◆ **Work instructions**: Where the lines below hold images, skip those and copy every word exactly.

◆ **Data extracted from a collection**:
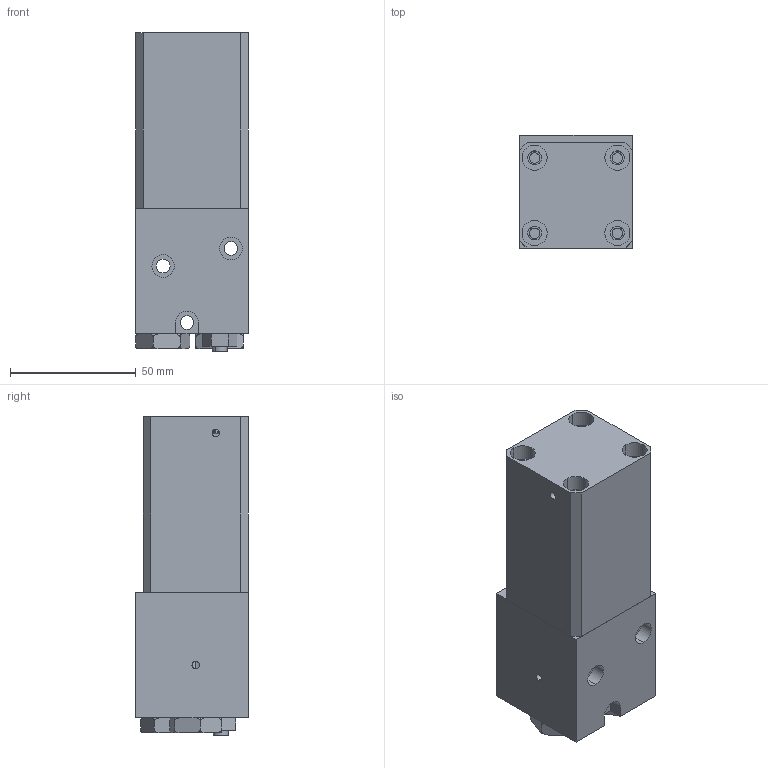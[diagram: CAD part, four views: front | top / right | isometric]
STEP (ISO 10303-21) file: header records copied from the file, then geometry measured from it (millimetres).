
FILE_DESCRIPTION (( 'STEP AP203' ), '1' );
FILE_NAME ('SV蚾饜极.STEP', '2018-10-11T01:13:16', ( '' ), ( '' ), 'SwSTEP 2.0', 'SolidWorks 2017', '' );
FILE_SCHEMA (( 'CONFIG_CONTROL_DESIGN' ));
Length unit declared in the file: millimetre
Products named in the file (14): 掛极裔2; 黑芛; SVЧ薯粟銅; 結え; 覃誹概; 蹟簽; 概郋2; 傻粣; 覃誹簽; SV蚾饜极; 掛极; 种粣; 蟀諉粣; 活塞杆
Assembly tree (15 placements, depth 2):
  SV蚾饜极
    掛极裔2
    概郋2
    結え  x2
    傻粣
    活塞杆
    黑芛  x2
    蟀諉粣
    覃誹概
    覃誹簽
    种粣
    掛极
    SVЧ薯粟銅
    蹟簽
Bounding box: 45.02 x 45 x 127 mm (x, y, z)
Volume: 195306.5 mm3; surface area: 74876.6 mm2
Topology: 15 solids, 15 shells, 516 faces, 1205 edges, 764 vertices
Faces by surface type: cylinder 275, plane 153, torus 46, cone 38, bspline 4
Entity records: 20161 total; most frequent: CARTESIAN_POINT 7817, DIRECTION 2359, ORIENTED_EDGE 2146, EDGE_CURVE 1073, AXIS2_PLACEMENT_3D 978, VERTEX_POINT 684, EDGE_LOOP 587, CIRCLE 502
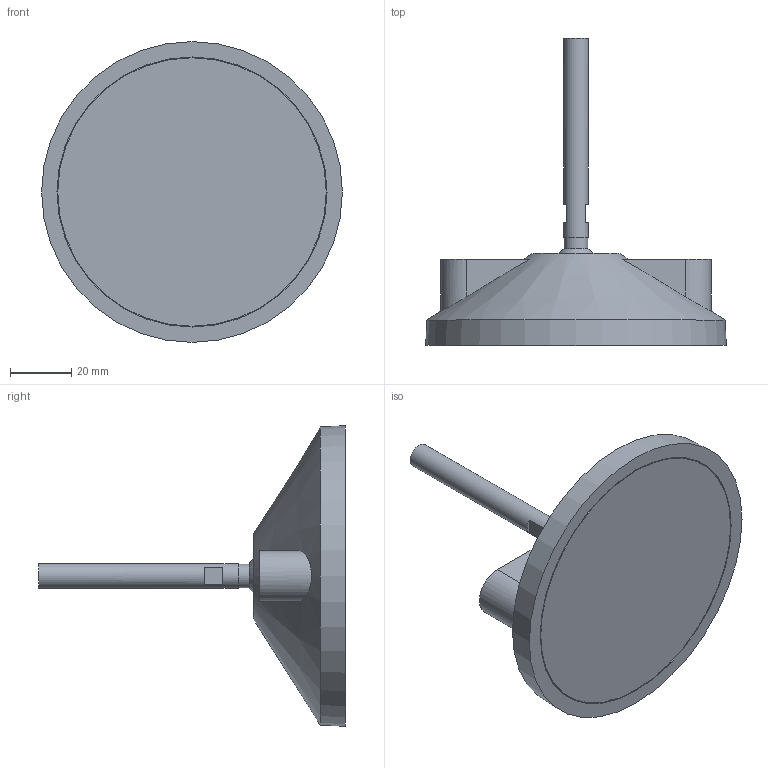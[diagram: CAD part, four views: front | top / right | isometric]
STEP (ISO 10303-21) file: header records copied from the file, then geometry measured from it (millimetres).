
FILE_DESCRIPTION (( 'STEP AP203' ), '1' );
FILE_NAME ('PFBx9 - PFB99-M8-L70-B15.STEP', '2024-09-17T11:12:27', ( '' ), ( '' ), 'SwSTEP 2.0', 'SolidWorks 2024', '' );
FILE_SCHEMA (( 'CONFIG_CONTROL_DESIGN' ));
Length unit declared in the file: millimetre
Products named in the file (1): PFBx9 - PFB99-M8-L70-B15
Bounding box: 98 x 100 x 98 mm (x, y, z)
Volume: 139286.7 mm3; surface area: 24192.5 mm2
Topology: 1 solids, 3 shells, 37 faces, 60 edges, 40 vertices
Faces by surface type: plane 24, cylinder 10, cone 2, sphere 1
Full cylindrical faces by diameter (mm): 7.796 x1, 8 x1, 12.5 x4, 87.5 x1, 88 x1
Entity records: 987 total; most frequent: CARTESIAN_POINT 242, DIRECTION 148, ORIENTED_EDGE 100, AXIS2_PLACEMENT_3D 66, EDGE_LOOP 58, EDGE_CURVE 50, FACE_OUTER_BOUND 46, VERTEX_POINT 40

◆ **Solution for this task**:
[diagram: CAD part, four views: front | top / right | isometric]
STEP (ISO 10303-21) file: header records copied from the file, then geometry measured from it (millimetres).
FILE_DESCRIPTION (( 'STEP AP203' ), '1' );
FILE_NAME ('SV蚾饜极.STEP', '2018-10-11T01:13:16', ( '' ), ( '' ), 'SwSTEP 2.0', 'SolidWorks 2017', '' );
FILE_SCHEMA (( 'CONFIG_CONTROL_DESIGN' ));
Length unit declared in the file: millimetre
Products named in the file (14): 掛极裔2; 黑芛; SVЧ薯粟銅; 結え; 覃誹概; 蹟簽; 概郋2; 傻粣; 覃誹簽; SV蚾饜极; 掛极; 种粣; 蟀諉粣; 活塞杆
Assembly tree (15 placements, depth 2):
  SV蚾饜极
    掛极裔2
    概郋2
    結え  x2
    傻粣
    活塞杆
    黑芛  x2
    蟀諉粣
    覃誹概
    覃誹簽
    种粣
    掛极
    SVЧ薯粟銅
    蹟簽
Bounding box: 45.02 x 45 x 127 mm (x, y, z)
Volume: 195306.5 mm3; surface area: 74876.6 mm2
Topology: 15 solids, 15 shells, 516 faces, 1205 edges, 764 vertices
Faces by surface type: cylinder 275, plane 153, torus 46, cone 38, bspline 4
Entity records: 20161 total; most frequent: CARTESIAN_POINT 7817, DIRECTION 2359, ORIENTED_EDGE 2146, EDGE_CURVE 1073, AXIS2_PLACEMENT_3D 978, VERTEX_POINT 684, EDGE_LOOP 587, CIRCLE 502
[diagram: CAD part, four views: front | top / right | isometric]
STEP (ISO 10303-21) file: header records copied from the file, then geometry measured from it (millimetres).
FILE_DESCRIPTION (( 'STEP AP203' ), '1' );
FILE_NAME ('PFBx9 - PFB99-M8-L70-B15.STEP', '2024-09-17T11:12:27', ( '' ), ( '' ), 'SwSTEP 2.0', 'SolidWorks 2024', '' );
FILE_SCHEMA (( 'CONFIG_CONTROL_DESIGN' ));
Length unit declared in the file: millimetre
Products named in the file (1): PFBx9 - PFB99-M8-L70-B15
Bounding box: 98 x 100 x 98 mm (x, y, z)
Volume: 139286.7 mm3; surface area: 24192.5 mm2
Topology: 1 solids, 3 shells, 37 faces, 60 edges, 40 vertices
Faces by surface type: plane 24, cylinder 10, cone 2, sphere 1
Full cylindrical faces by diameter (mm): 7.796 x1, 8 x1, 12.5 x4, 87.5 x1, 88 x1
Entity records: 987 total; most frequent: CARTESIAN_POINT 242, DIRECTION 148, ORIENTED_EDGE 100, AXIS2_PLACEMENT_3D 66, EDGE_LOOP 58, EDGE_CURVE 50, FACE_OUTER_BOUND 46, VERTEX_POINT 40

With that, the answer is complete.